:: RECORDS ::

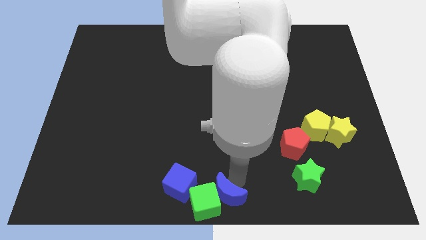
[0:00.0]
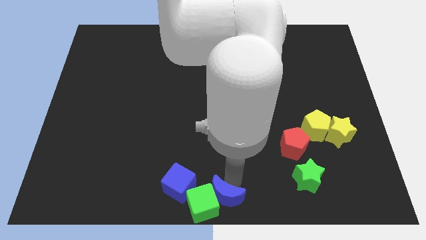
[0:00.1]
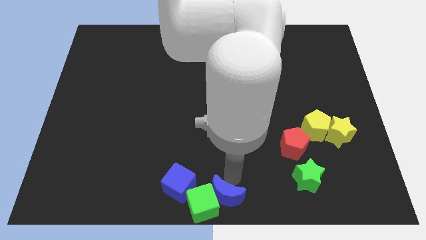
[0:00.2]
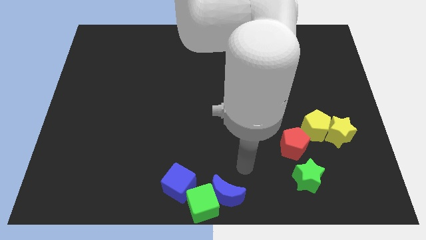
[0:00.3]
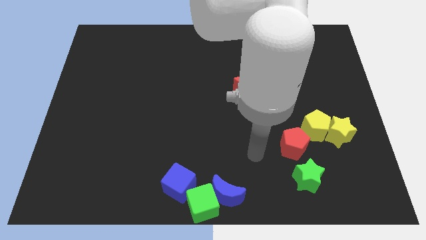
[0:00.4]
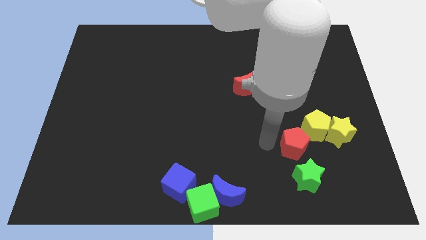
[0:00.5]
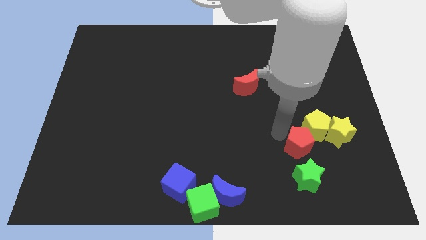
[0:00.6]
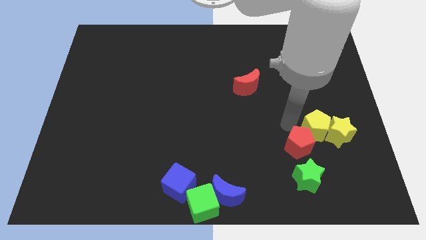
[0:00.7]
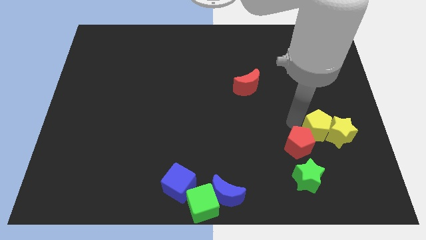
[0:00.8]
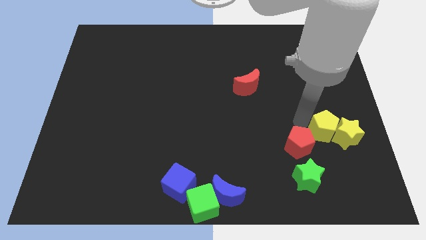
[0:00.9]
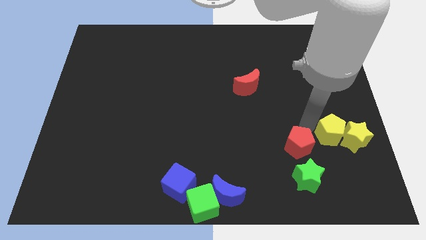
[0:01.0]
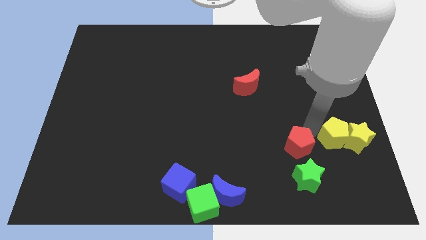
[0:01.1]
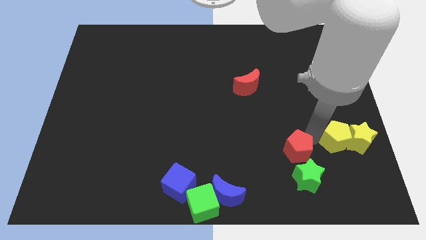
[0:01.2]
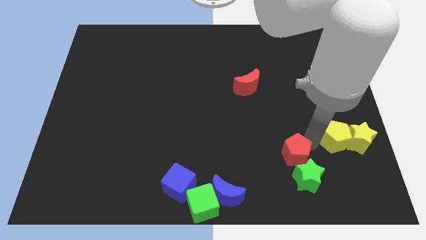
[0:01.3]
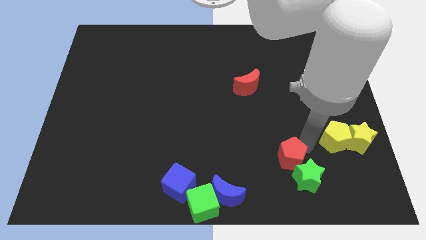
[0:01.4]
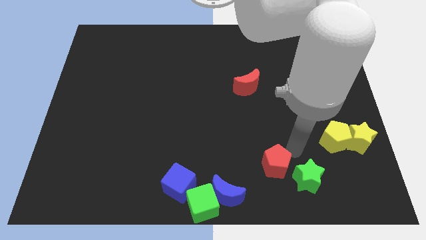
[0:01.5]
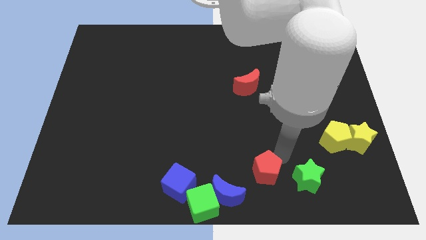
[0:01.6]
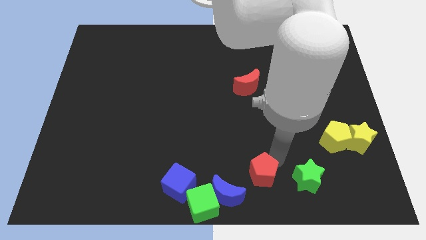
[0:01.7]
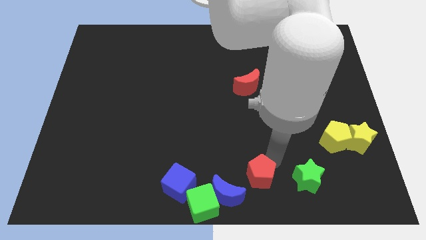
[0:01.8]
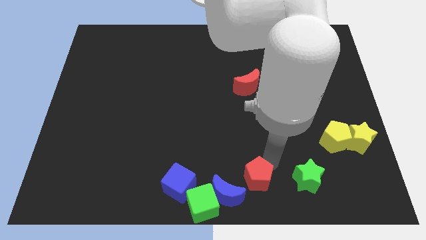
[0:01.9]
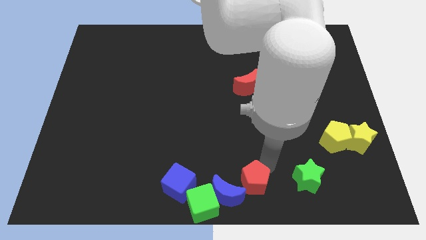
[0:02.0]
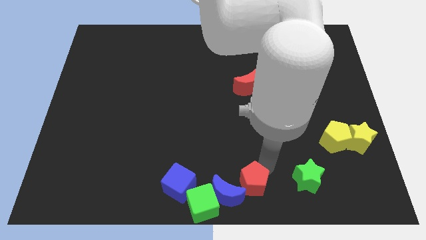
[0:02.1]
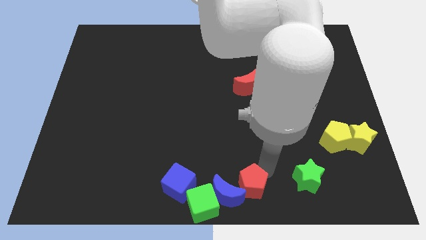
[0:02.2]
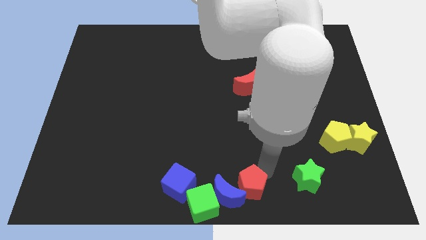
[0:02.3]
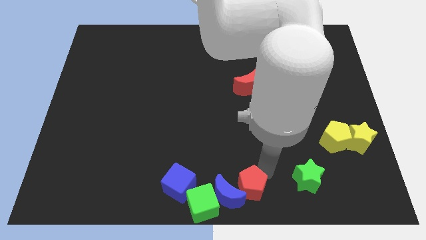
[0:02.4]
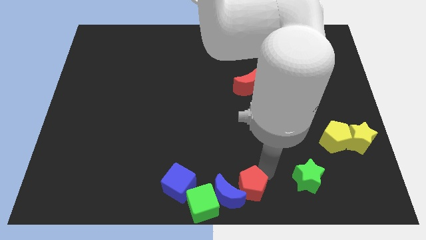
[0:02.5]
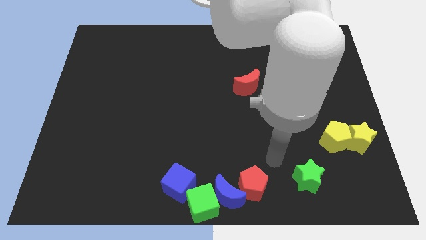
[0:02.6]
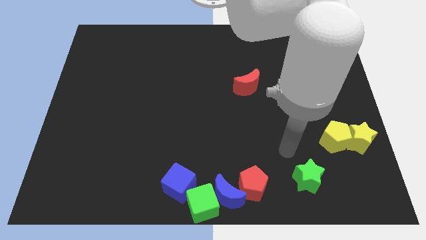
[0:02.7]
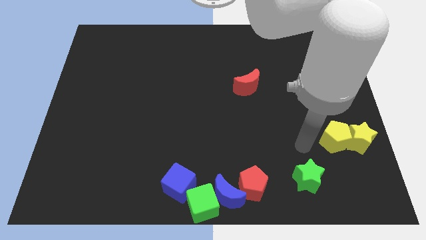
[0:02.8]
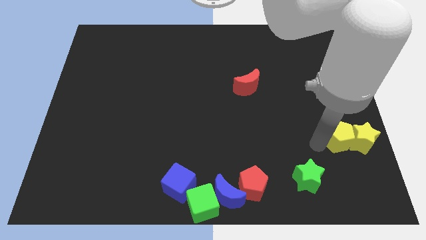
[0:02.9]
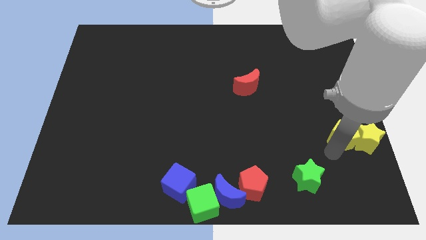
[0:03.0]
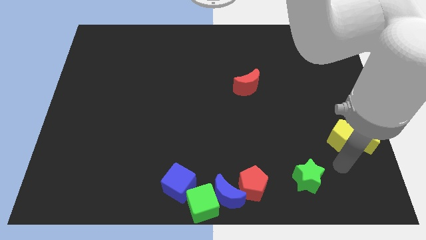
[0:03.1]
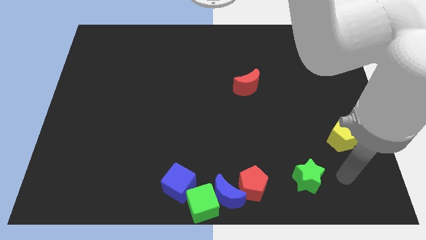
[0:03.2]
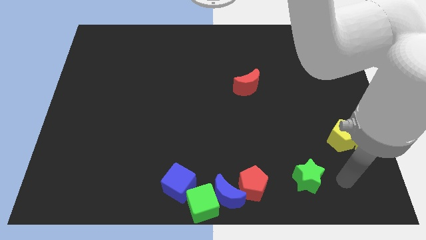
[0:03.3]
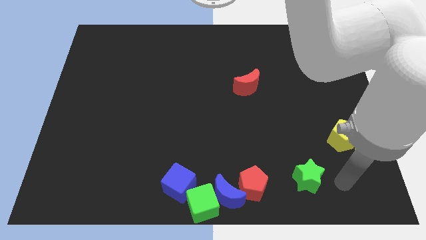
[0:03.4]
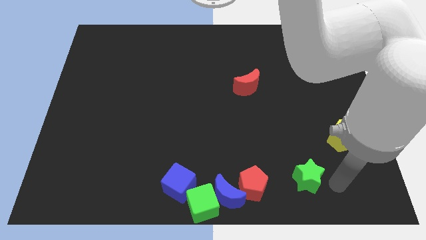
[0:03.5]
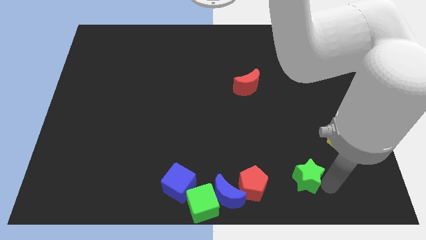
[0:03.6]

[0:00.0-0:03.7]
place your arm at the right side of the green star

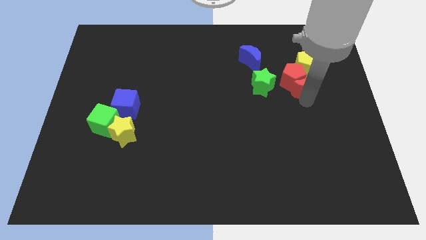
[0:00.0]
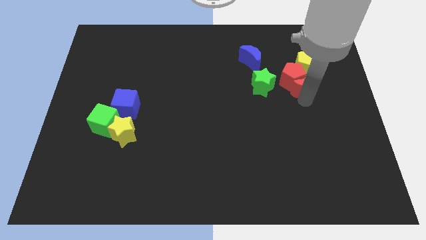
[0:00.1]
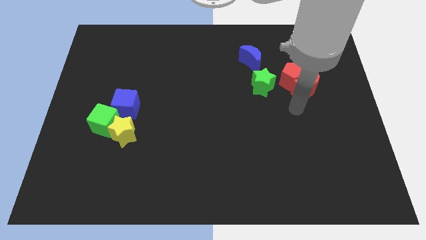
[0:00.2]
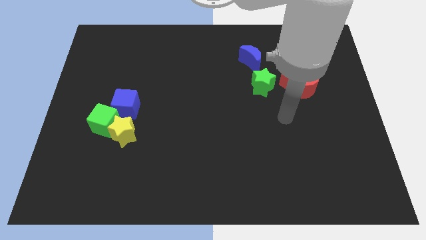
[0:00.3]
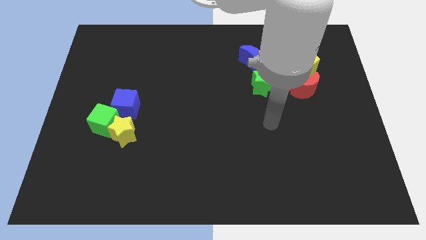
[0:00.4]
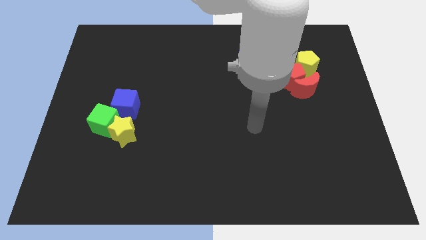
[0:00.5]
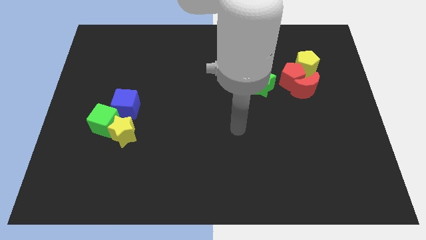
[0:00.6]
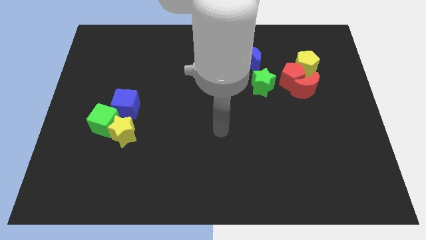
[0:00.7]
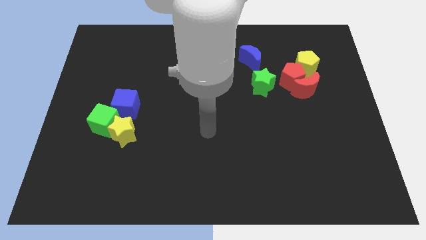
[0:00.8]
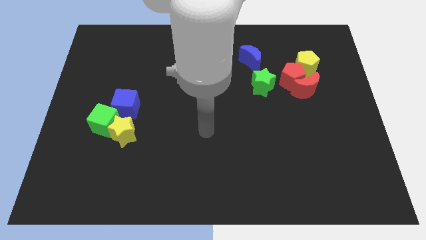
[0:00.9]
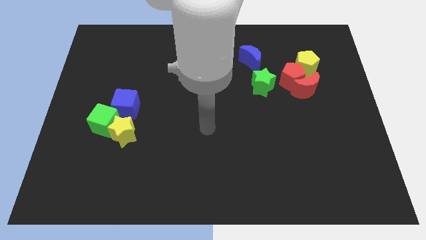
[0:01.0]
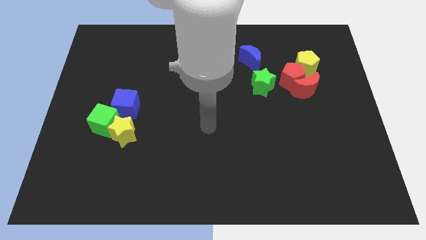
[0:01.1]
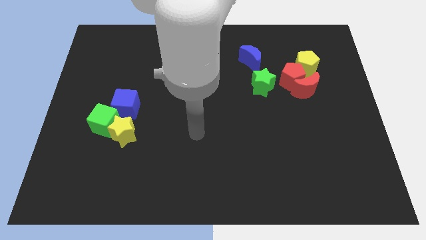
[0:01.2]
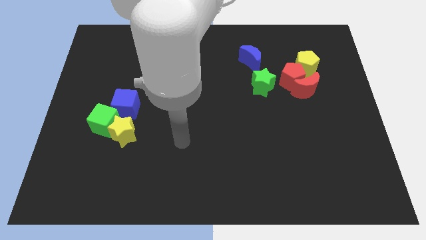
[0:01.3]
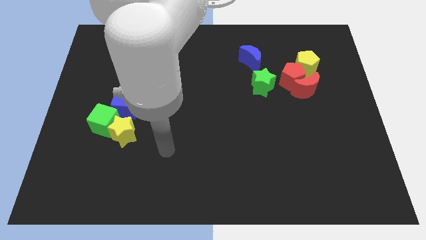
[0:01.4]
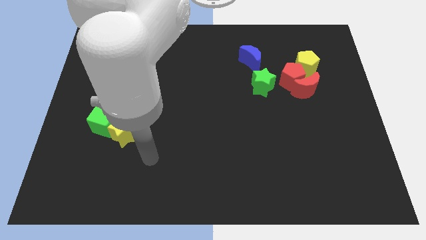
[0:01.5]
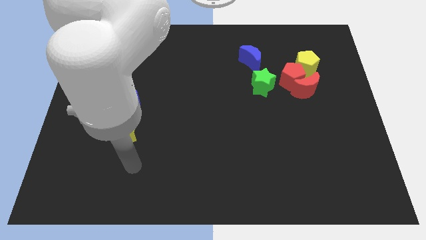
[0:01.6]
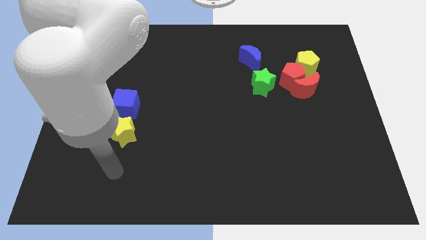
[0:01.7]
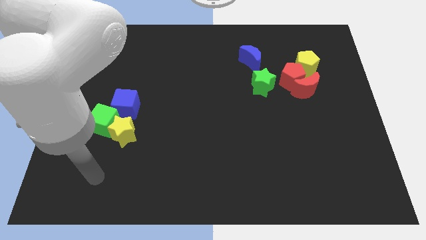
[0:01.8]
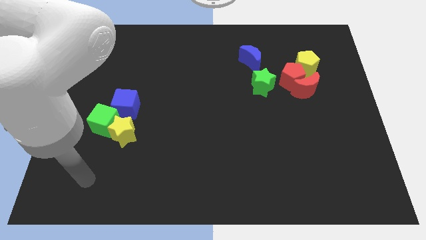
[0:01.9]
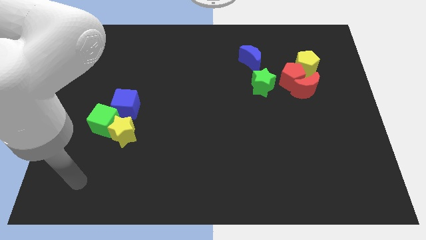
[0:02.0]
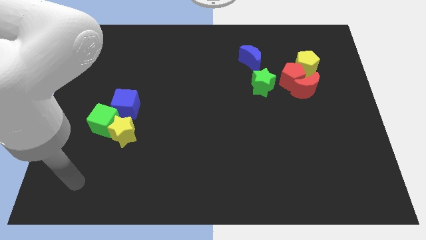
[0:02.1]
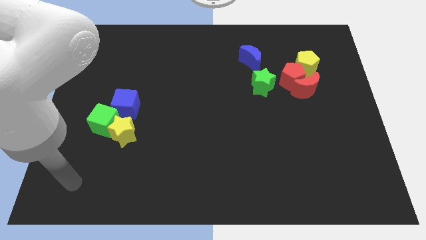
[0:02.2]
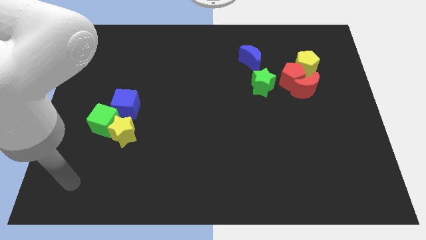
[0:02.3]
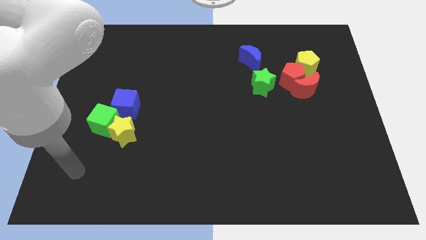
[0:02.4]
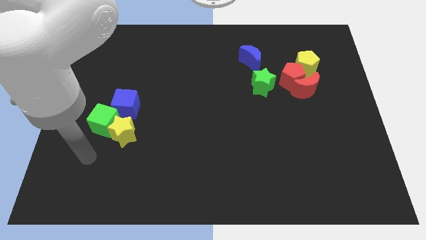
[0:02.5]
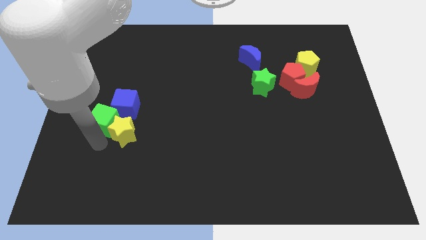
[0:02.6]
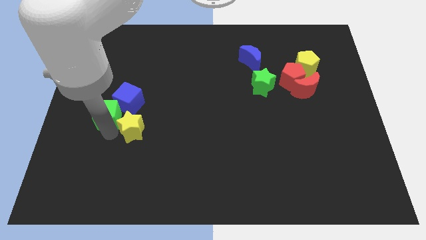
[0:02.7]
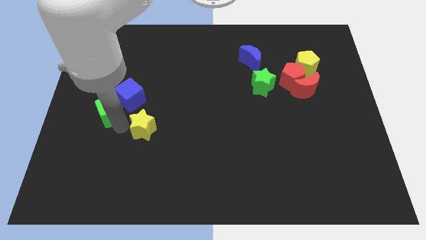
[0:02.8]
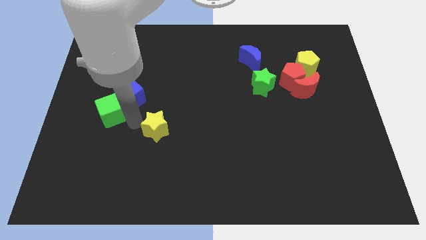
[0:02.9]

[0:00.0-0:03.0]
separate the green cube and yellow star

:::

*INSTRUCTIONS TO FOLLOW*
What you return should be the entries from above, unchanged and without their images.

*ANSWER AREA*
[0:00.0]
[0:00.1]
[0:00.2]
[0:00.3]
[0:00.4]
[0:00.5]
[0:00.6]
[0:00.7]
[0:00.8]
[0:00.9]
[0:01.0]
[0:01.1]
[0:01.2]
[0:01.3]
[0:01.4]
[0:01.5]
[0:01.6]
[0:01.7]
[0:01.8]
[0:01.9]
[0:02.0]
[0:02.1]
[0:02.2]
[0:02.3]
[0:02.4]
[0:02.5]
[0:02.6]
[0:02.7]
[0:02.8]
[0:02.9]
[0:03.0]
[0:03.1]
[0:03.2]
[0:03.3]
[0:03.4]
[0:03.5]
[0:03.6]

[0:00.0-0:03.7]
place your arm at the right side of the green star

[0:00.0]
[0:00.1]
[0:00.2]
[0:00.3]
[0:00.4]
[0:00.5]
[0:00.6]
[0:00.7]
[0:00.8]
[0:00.9]
[0:01.0]
[0:01.1]
[0:01.2]
[0:01.3]
[0:01.4]
[0:01.5]
[0:01.6]
[0:01.7]
[0:01.8]
[0:01.9]
[0:02.0]
[0:02.1]
[0:02.2]
[0:02.3]
[0:02.4]
[0:02.5]
[0:02.6]
[0:02.7]
[0:02.8]
[0:02.9]

[0:00.0-0:03.0]
separate the green cube and yellow star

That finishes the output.